保姆看着南小优喝的幸福的表情,不禁感慨:“如果二爷看见夫人喝的这么幸福,一定会开心的。”
因为这莫名其妙的话,南小优显些被呛到。
开心?他怕是又要来嘲讽一顿吧。
“他不会的,他恨不得我喝汤的时候被呛死。”
看来两人还没有和好。
保姆笑笑:“夫人住院的时候,是二爷向人找了补身子的方子,让我将方子写出来,交给我,让我好好给夫人补身子。”
手上的动作瞬间停住,南小优怀疑自己的耳朵:“他?”
保姆笃定:“是啊,二爷对夫人真的很好,还专门向我打听了夫人平常比较喜欢吃的菜系,说是等夫人出院后带你去吃呢。”
南小优一下没了喝汤的胃口,这么温柔的话,会是从秦四昭的嘴里说出来的?
无论怎么想,都挺令人震惊的。
南小优心中鼓动,在想这话究竟有几分可信度。
保姆又叹气道:“夫人,其实二爷的脾气一开始不是这样的,他以前也很温暖。”
是啊,小时候的他的确很温暖,南小优忍不住回忆。
“可因为当初发生了一些事,才导致二爷变成了现在这模样。”
“什么事?”南小优还挺好奇的,好奇怎么会有人变得这么彻底。
保姆回忆:“二爷接手集团的时候,没有人信任他,到处给他使绊子,言语侮辱是小事,还经常威胁二爷,抓住二爷的懵懂,让他在大庭广众之下下跪,在很多人的面前痛打他,有好多次都差点死了,二爷身上应该还有伤疤,都是当初留下的。”
没想到现在人人敬畏的二爷竟然经历过这些。
是,秦四昭身上的确有伤疤,虽然南小优没看见过,不过她摸到过。
“夫人。”
“嗯?”南小优回神。
“二爷人真的很好,他现在露出来的凶狠都只是他的保护色而已,他也是真心爱你,为你着想的,如果他用错了方法,希望你能原谅他,等二爷用对了方法,你就会明白,二爷究竟有多好,多温柔。”
那一天,南小优都在思考着保姆说的那些话。
是啊,小时候的秦四昭也很温柔,很可爱,虽然自己也对他变成这幅模样一直不解,现在听了,觉得秦四昭也挺可怜,心中同情涌上。
她爱的人,想不到会过的这么苦。
南小优不想去怪秦四昭了,她爱着秦四昭,更心疼秦四昭。
一个星期没回家的秦四昭在晚上的时候回来了,南小优没睡,听到动静后立马摸索着出了门,触碰到面前的人时一下冲上去紧紧抱住了他。

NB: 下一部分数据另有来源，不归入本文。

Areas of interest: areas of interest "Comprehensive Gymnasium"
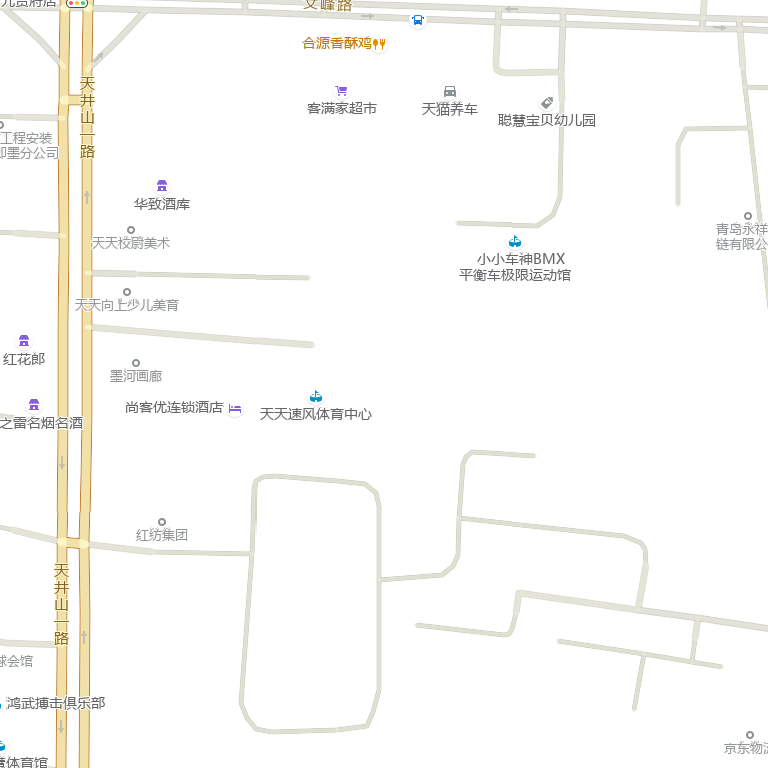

秦四昭对于南小优突然的投怀送抱愣了一下,不过又想到什么,将南小优给拉开。
“放开!”
想来是她还没有搞清楚状况,秦四昭冷笑:“你做什么?”
“二爷!”南小优又再次抱住了秦四昭,还朝着他蹭了蹭。
秦四昭心里有瞬间的不明,再次又将她给推开:“南小优,你犯贱了?还是说想男人了?不过我现在对你这残花败柳可没丝毫反应!”
残花败柳…
他又恢复成了当初那个用言语将自己击垮的秦四昭了。
南小优忍下难过,他还是在为手机的事情而怪罪自己吧。
南小优拉着秦四昭的手解释:“二爷,手机的事不是你看见的那样,那天我去找沈宇,是为了找出他串通别人污蔑我的证据,可没想到被他发现了我的手机,还想…庆幸你及时赶到,救了我。”
说的和真的一样。
秦四昭不屑:“沈宇和谁串通?”
“南一薇。”
南小优能明显感受到,南一薇的名字一出,周遭的温度都变了。
“南小优,说你贱你还真是把这个字挥发的淋漓尽致啊!”
南小优摇头:“我说的是实话,一直以来,就是南一薇和沈宇串通一气,是你自己不知道他们之间还有奸情,上次我去的时候发现了,听沈宇的语气还是南一薇去缠着的他…”
“够了!”秦四昭冷声打断,真是越说越不像话了。
“我说的是真的,不信你可以去调查。”
“我不会蠢到去相信你的话,你以为微微和你一样贱吗?她才不会像你,整天想男人,成为不同男人身下尖叫的荡妇。”
荡妇…
南小优深吸一口气:“二爷,你信我一次,南一薇真的不是你想象的那样美好,她……”
未说出口的话因为被秦四昭钳住了脖子而发不出了声音,脖子很痛,秦四昭加重了力气,凑近南小优,警告:“你要再说一句微微的不好,我就让你生不如死。”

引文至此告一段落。